Yousician app is designed for musicians who prefer an interactive way of learning. It looks like a game, where finishing a new song or an exercise moves you to another level. But is Yousician worth it? Is it a good alternative to private piano lessons? In this Yousician piano review, you will get answers to these questions. I’m going to show you how it works, how the interactive playing looks like, what are the pros and cons, and what should you consider when you are thinking about using this app.
Yousician Piano Review Summary
This is going to be a long article, so if you prefer to learn only particular things about Yousician, this content overview will help you with navigation:
Table of Contents
Yousician is the learning app not only for the piano. You can learn to play other instruments like ukulele, guitar, bass, or singing. While practicing, Yousician constantly evaluates what you play correctly and what incorrectly and gives you feedback. Thanks to the combination of the learning method, interactive functions, and attractive design, this app can keep students motivated for a longer time.
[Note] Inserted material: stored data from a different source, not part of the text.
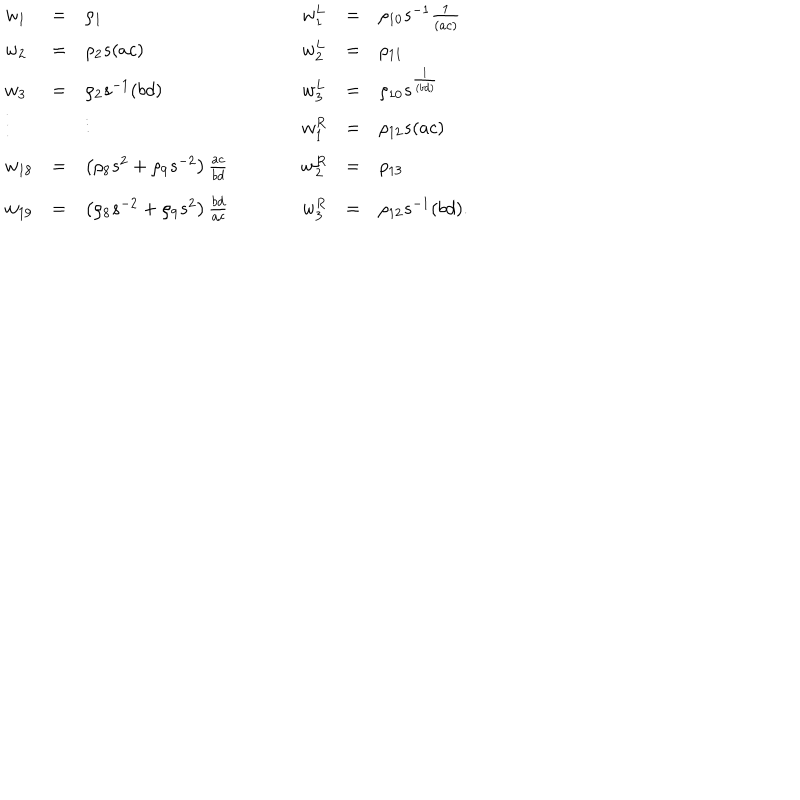
\begin{array} { l l l l l l l } { { w _ { 1 } } } & { { = } } & { { \rho _ { 1 } } } & { { } } & { { w _ { 1 } ^ { L } } } & { { = } } & { { \rho _ { 1 0 } s ^ { - 1 } \frac { 1 } { ( a c ) } \nonumber } } \\ { { w _ { 2 } } } & { { = } } & { { \rho _ { 2 } s ( a c ) } } & { { } } & { { w _ { 2 } ^ { L } } } & { { = } } & { { \rho _ { 1 1 } \nonumber } } \\ { { w _ { 3 } } } & { { = } } & { { \rho _ { 2 } s ^ { - 1 } ( b d ) } } & { { } } & { { w _ { 3 } ^ { L } } } & { { = } } & { { \rho _ { 1 0 } s ^ { \frac { 1 } { ( b d ) } } \nonumber } } \\ { { \vdots } } & { { } } & { { \vdots } } & { { } } & { { w _ { 1 } ^ { R } } } & { { = } } & { { \rho _ { 1 2 } s ( a c ) \nonumber } } \\ { { w _ { 1 8 } } } & { { = } } & { { \left( \rho _ { 8 } s ^ { 2 } + \rho _ { 9 } s ^ { - 2 } \right) \frac { a c } { b d } } } & { { } } & { { w _ { 2 } ^ { R } } } & { { = } } & { { \rho _ { 1 3 } \nonumber } } \\ { { w _ { 1 9 } } } & { { = } } & { { \left( \rho _ { 8 } s ^ { - 2 } + \rho _ { 9 } s ^ { 2 } \right) \frac { b d } { a c } } } & { { } } & { { w _ { 3 } ^ { R } } } & { { = } } & { { \rho _ { 1 2 } s ^ { - 1 } ( b d ) . } } \\ \end{array}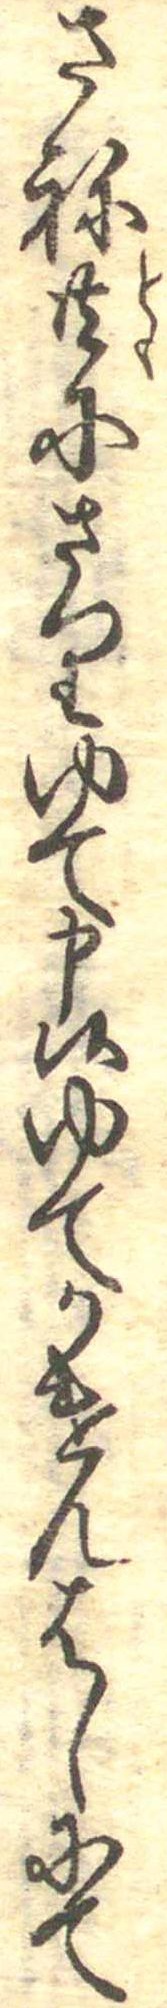
さね共にさりゆて申候ゆてかけんはしにて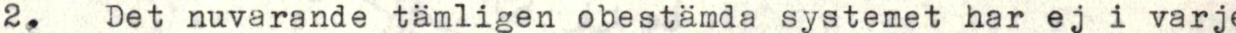
2.  Det nuvarande tämligen obestämda systemet har ej i varj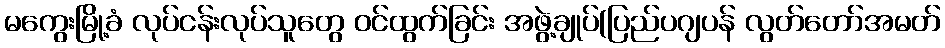
မကွေးမြို့ခံ လုပ်ငန်းလုပ်သူတွေ ဝင်ထွက်ခြင်း အဖွဲ့ချုပ်(ပြည်ပဂျပန် လွတ်တော်အမတ်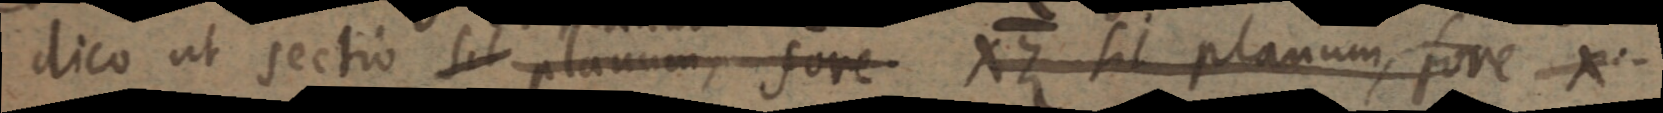
dico ut sectio sit planum, fore XZ sit planum, fore X: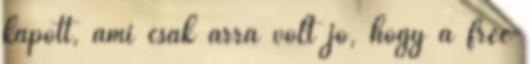
kapott, ami csak arra volt jó, hogy a free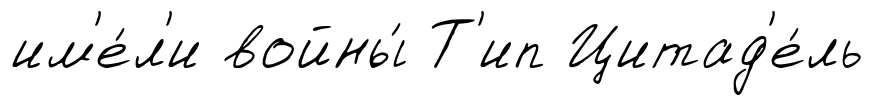
им'е́л'и войны́ Т'ип Цитад'е́ль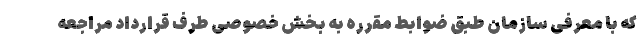
که با معرفی سازمان طبق ضوابط مقرره به بخش خصوصی طرف قرارداد مراجعه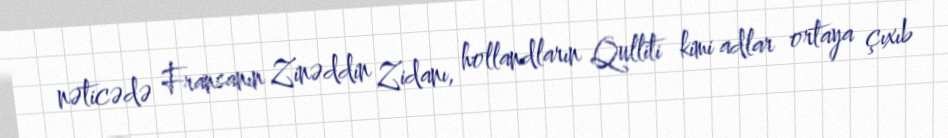
nəticədə Fransanın Zinəddin Zidanı, hollandların Qulliti kimi adlar ortaya çıxıb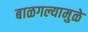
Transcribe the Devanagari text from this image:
बाळगल्यामुळे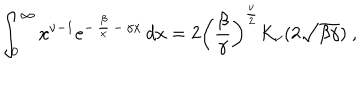
\int _ { 0 } ^ { \infty } x ^ { \nu - 1 } e ^ { - \, { \frac { \beta } { x } } \, - \, \gamma x } \, d x = 2 \left( { \frac { \beta } { \gamma } } \right) ^ { { \frac { \nu } { 2 } } } K _ { \nu } ( 2 \sqrt { \beta \gamma } ) \ ,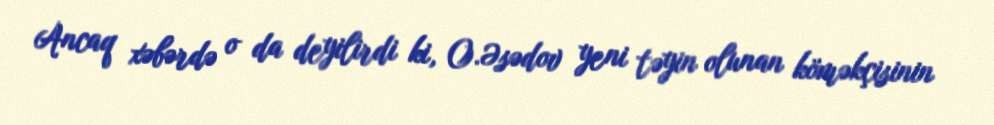
Ancaq xəbərdə o da deyilirdi ki, O.Əsədov yeni təyin olunan köməkçisinin

This is evidenced by the number of positive reviews on the Trustpilot.
Yousician was founded by Mikko Kaipainen and Chris Thür. In 2010 they started to create an idea of a different way of music education, that will be both attractive and effective.
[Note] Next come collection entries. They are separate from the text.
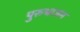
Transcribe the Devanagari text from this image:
पुरुभाजन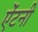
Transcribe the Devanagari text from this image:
ऐंटनी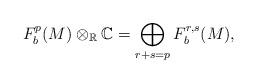
LaTeX: \begin{align*}F^p_b(M)\otimes_{\mathbb{R}}\mathbb{C}=\bigoplus_{r+s=p}F^{r,s}_b(M),\end{align*}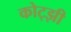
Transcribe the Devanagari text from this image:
कोट्झी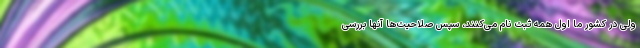
ولی در کشور ما اول همه ثبت نام می‌کنند، سپس صلاحیت‌ها آنها بررسی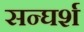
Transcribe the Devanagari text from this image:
सन्घर्श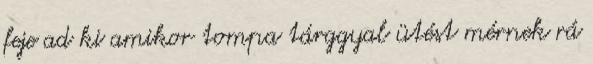
feje ad ki amikor tompa tárggyal ütést mérnek rá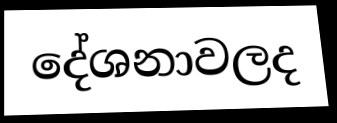
දේශනාවලද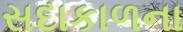
સદાકાળના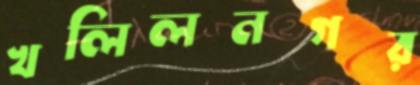
খলিলনগর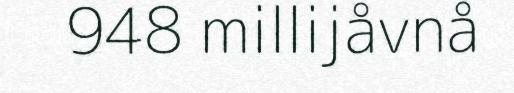
948 millijåvnå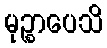
မုဉ္စာပေသိ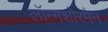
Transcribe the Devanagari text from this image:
लॉन्गशोरमेन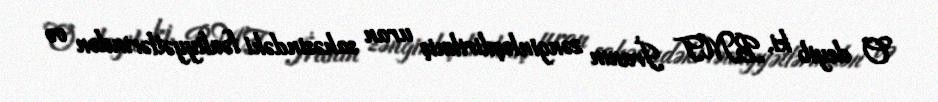
O deyib ki, BMT İranın zənginləşdirilmiş uran sahəsindəki fəaliyyətlərindən və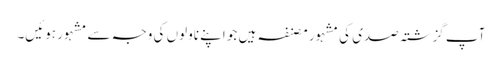
آپ گزشتہ صدی کی مشہور مصنفہ ہیں جو اپنے ناولوں کی وجہ سے مشہور ہوئیں۔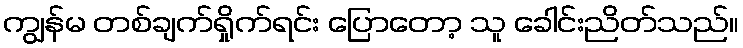
ကျွန်မ တစ်ချက်ရှိုက်ရင်း ပြောတော့ သူ ခေါင်းညိတ်သည်။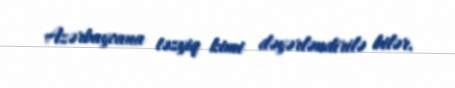
Azərbaycana təzyiq kimi dəyərləndirilə bilər.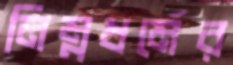
নিম্নধর্মের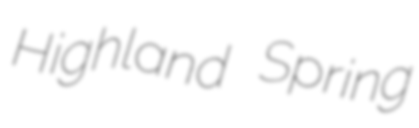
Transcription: Highland Spring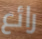
رائع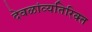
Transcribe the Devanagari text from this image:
देवळांव्यतिरिक्‍त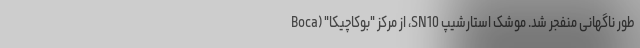
طور ناگهانی منفجر شد. موشک استارشیپ SN10، از مرکز "بوکاچیکا" (Boca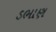
ડભાણ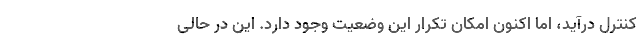
کنترل درآید، اما اکنون امکان تکرار این وضعیت وجود دارد. این در حالی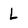
Character: L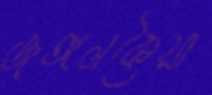
জঙ্গলকৈয়া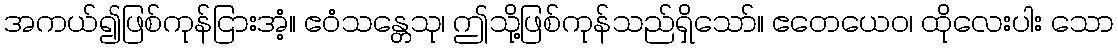
အကယ်၍ဖြစ်ကုန်ငြားအံ့။ ဧဝံသန္တေသု၊ ဤသို့ဖြစ်ကုန်သည်ရှိသော်။ ဧတေယေဝ၊ ထိုလေးပါး သော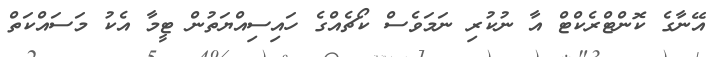
އޭނާގެ ކޮންޓްރެކްޓް އާ ނުކުރި ނަމަވެސް ކޯޗެއްގެ ހައިސިއްޔަތުން ޓީމާ އެކު މަސައްކަތް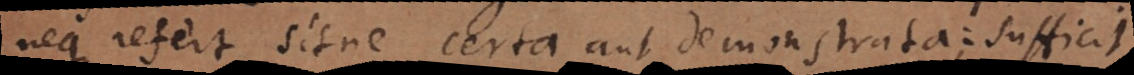
neque refert sitne certa aut demonstrata; sufficit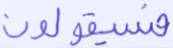
فسيقولون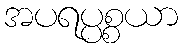
အပရပ္ပစ္စယာ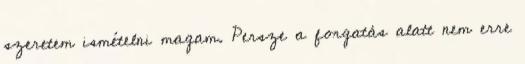
szeretem ismételni magam. Persze a forgatás alatt nem erre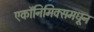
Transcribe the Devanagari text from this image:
एकॉनिमिक्समधून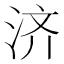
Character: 济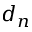
d _ { n }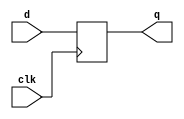
module FF_1 (input d, clk, output reg q);
always @( posedge clk)
    q <= d;
endmodule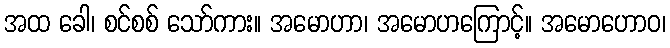
အထ ခေါ၊ စင်စစ် သော်ကား။ အမောဟာ၊ အမောဟကြောင့်။ အမောဟောဝ၊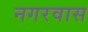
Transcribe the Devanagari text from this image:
नगरवास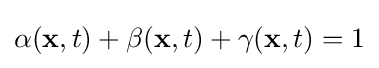
\alpha (\mathbf {x} ,t)+\beta (\mathbf {x} ,t)+\gamma (\mathbf {x} ,t)=1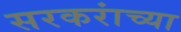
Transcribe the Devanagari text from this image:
सरकरांच्या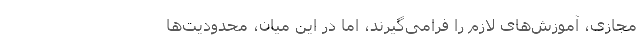
مجازی، آموزش‌های لازم را فرامی‌گیرند، اما در این میان، محدودیت‌ها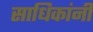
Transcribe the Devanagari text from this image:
साधिकांनी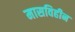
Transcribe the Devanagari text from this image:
मासविहीन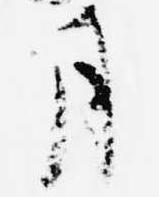
月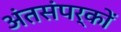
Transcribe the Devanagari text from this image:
अंतसंपर्कों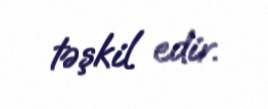
təşkil edir.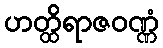
ဟတ္ထိရာဇဝဏ္ဏံ

After their two applications that combined the principle of game with education (GuitarBot and GuitarTuna), Yousician was created in 2014. Gradually, this application became one of the most popular in the field of music education.
NOTE: Except for digital keyboard with MIDI or USB connection, Yousician works also with an acoustic piano. It is compatible with PC/Mac, or iOs and Android devices.
Yousician is membership type of product. You can choose between Yousician Premium one-instrument or Premium+ all-instrument plan and pay monthly or annually. The best way to start with a Free 7-days trial which allows you to try how it works.
Once you have your account, you have to download the app to your device. Then you choose the instrument (piano) and choose between using an acoustic or a digital piano. When playing an electronic keyboard, connect your USB or MIDI cable.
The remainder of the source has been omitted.